Los Quetzales National Park is located in Los Santos, south region of Costa Rica, between Providencia and San Gerardo de Dota, and is part of the Talamanca Mountain Range and the basin of the Savegre River, 80 km from San Jose, the capital.
Conservation Area:
Central Pacific Conservation Area (ACOPAC)
4.117 hectares
Schedule: from 7:30am to 4:00pm
When to go?

Dry season: December through April
Rainy season: May through November, but it rains the less in July and August.
Birdwatching: from 5:30am to 9:00am and from 2:30pm to 4:00pm (feeding schedule).

Conatct information
(00506) 2200-5354
Regional Office:
(00506) 24167068
(00506) 22560917
Send mail
Web Page:
Visit Wen Page
Camping permissions:
General information
Los Quetzales is the most recently created national park in Costa Rica. Its main goal is to promote sustainable tourism activities and neutralize carbon emissions in the environment. This park is home to the quetzal, bird known for its magnificent and extraordinary beauty.

Los Quetzales National Park has three life zones or different types of forests, 14 ecosystems and a great richness in flora and fauna. It also has seven different altitudes, which allow a large biological variety and the formation of seasonal lagoons of glacial origins (wetlands).

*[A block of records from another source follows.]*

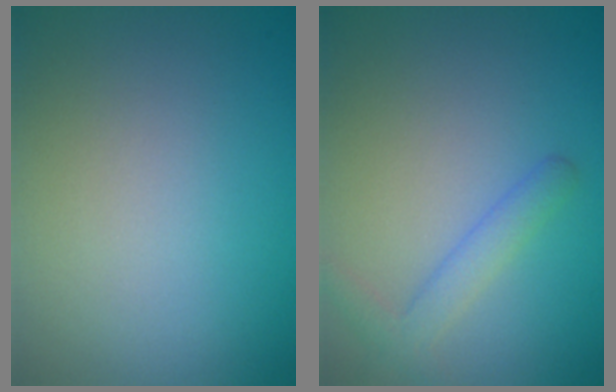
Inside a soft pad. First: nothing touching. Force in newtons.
{"total": 2.3, "press": 2.3, "slide": 0.1}
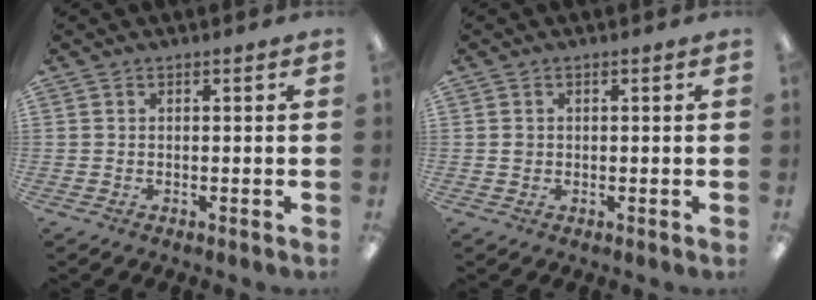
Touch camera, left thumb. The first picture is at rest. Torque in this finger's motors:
{"motor_torque": [-0.22, 0.21, 0.12, -0.13, 0.00]}
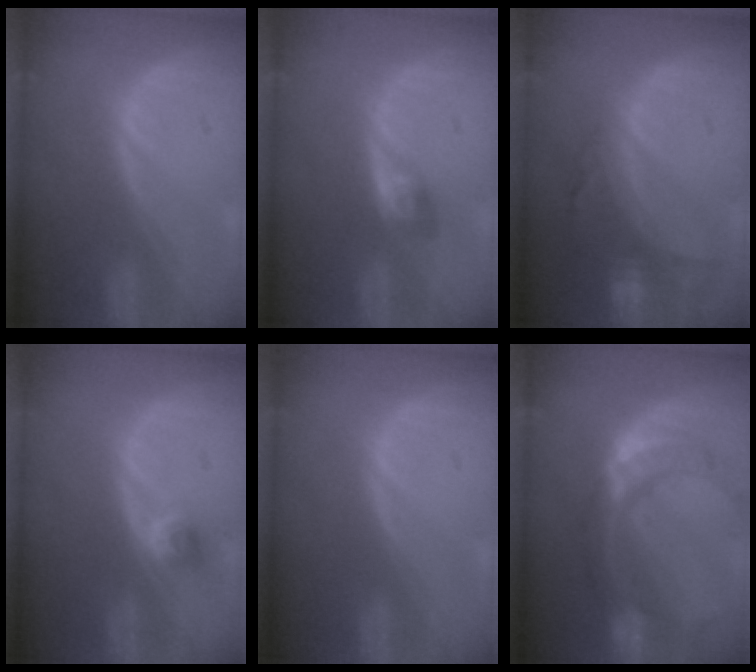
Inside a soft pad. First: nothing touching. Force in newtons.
{"total": 2.8, "press": 2.6, "slide": 1.1}
{"total": 7.8, "press": 7.0, "slide": 3.6}
{"total": 2.4, "press": 2.1, "slide": 1.2}
{"total": 0.0}
{"total": 11.0, "press": 9.3, "slide": 5.9}
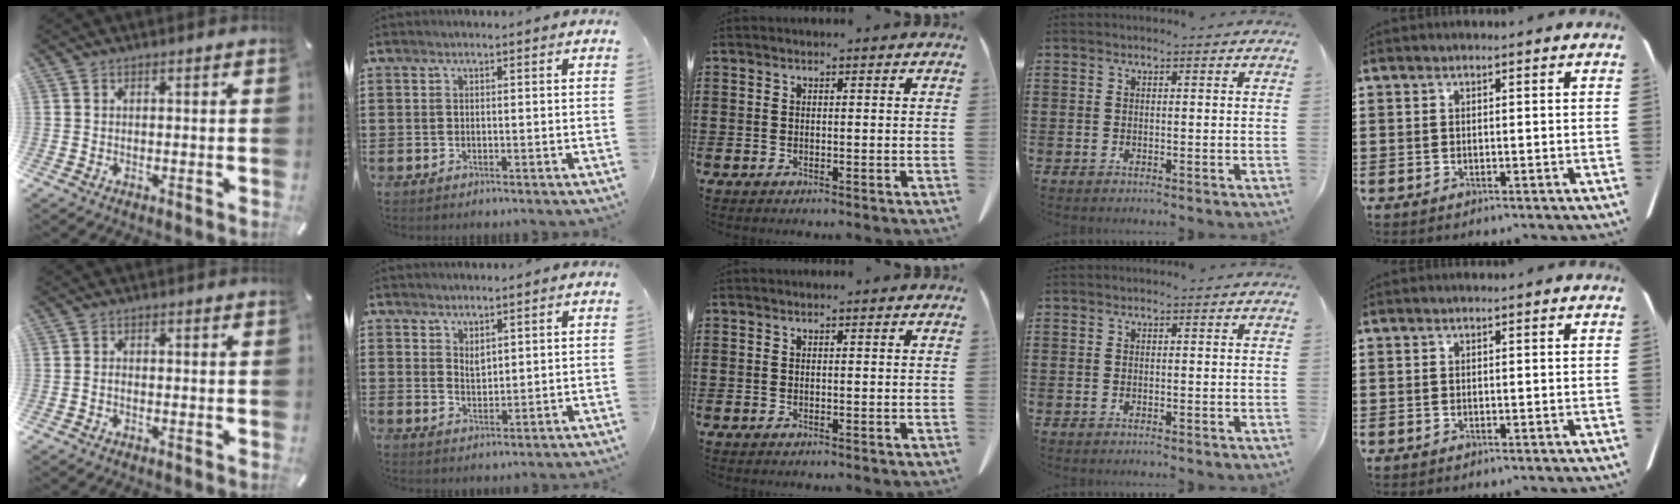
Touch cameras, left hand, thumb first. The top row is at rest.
{"thumb": {"total": 0.7, "force": [-0.4, 0.3, 0.6], "torque": [-0.012, -0.001, -0.007]}, "index": {"total": 2.1, "force": [1.8, 0.9, 0.6], "torque": [-0.007, -0.001, 0.031]}}
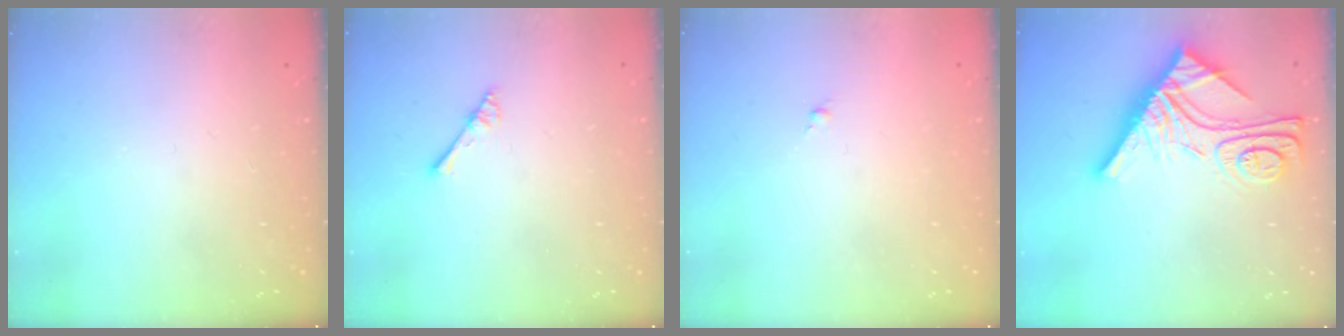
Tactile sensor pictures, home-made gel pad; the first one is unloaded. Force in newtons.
{"total": 4.4, "press": 4.4, "slide": 0.5}
{"total": 0.0}
{"total": 15.1, "press": 15.1, "slide": 1.1}
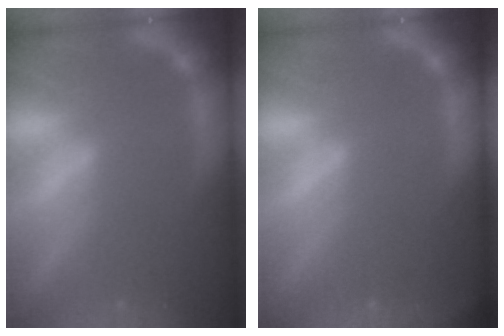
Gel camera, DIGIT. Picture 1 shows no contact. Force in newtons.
{"total": 2.4}
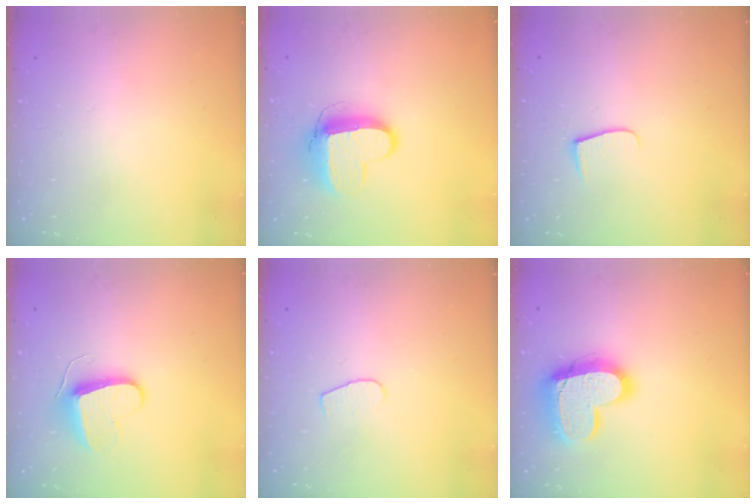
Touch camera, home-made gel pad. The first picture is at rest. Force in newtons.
{"total": 11.1, "press": 11.0, "slide": 0.9}
{"total": 4.8, "press": 4.8, "slide": 0.6}
{"total": 8.5, "press": 8.5, "slide": 0.3}
{"total": 4.6, "press": 4.5, "slide": 0.4}
{"total": 18.2, "press": 18.2, "slide": 1.4}

This park keeps the natural conditions of forests of high altitudes, like the oak forests, the cloud forests and moorlands. It also helps to maintain the hydrologic functions of these forests, the protection of habitats of endemic species and the reproduction of the quetzal. Aside from this, the park protects as well the basin of the Savegre River and serves as shelter and nesting site for the beautiful quetzal.

During the decades of the 70’s and the 80’s, a massive deforestation took place in this area due to the construction of some parts of the city of San Jose. The MINAET (Environment, Energy and Telecommunications Ministry) considered the importance of recovering this region for the natural conservation of plants and animals (it has a wide variety of species) and this way keep a biological corridor in the area. It was created along the Agencia de Cooperacion Española (Spanish Agency of Cooperation), as a project for the sustainable development of the Savegre River’s basin, and it is bonded to the Garajonay National Park in Spain.

The park is formed by empty and State lands, Los Santos forest reserve and Cerro Vueltas biological reserve, in the cantons of Dota and Tarrazu (in San Jose) and Aguirre (in Puntarenas).

The average annual rainfall ranges between 2.000 mm and 4.667 mm, and the temperature goes from 12°C to 28°C.
Dry season: December through April
Rainy season: May through November

This park has three life zones: low montane very humid forest 23%, montane pluvial forest 76% and low montane pluvial forest 1%.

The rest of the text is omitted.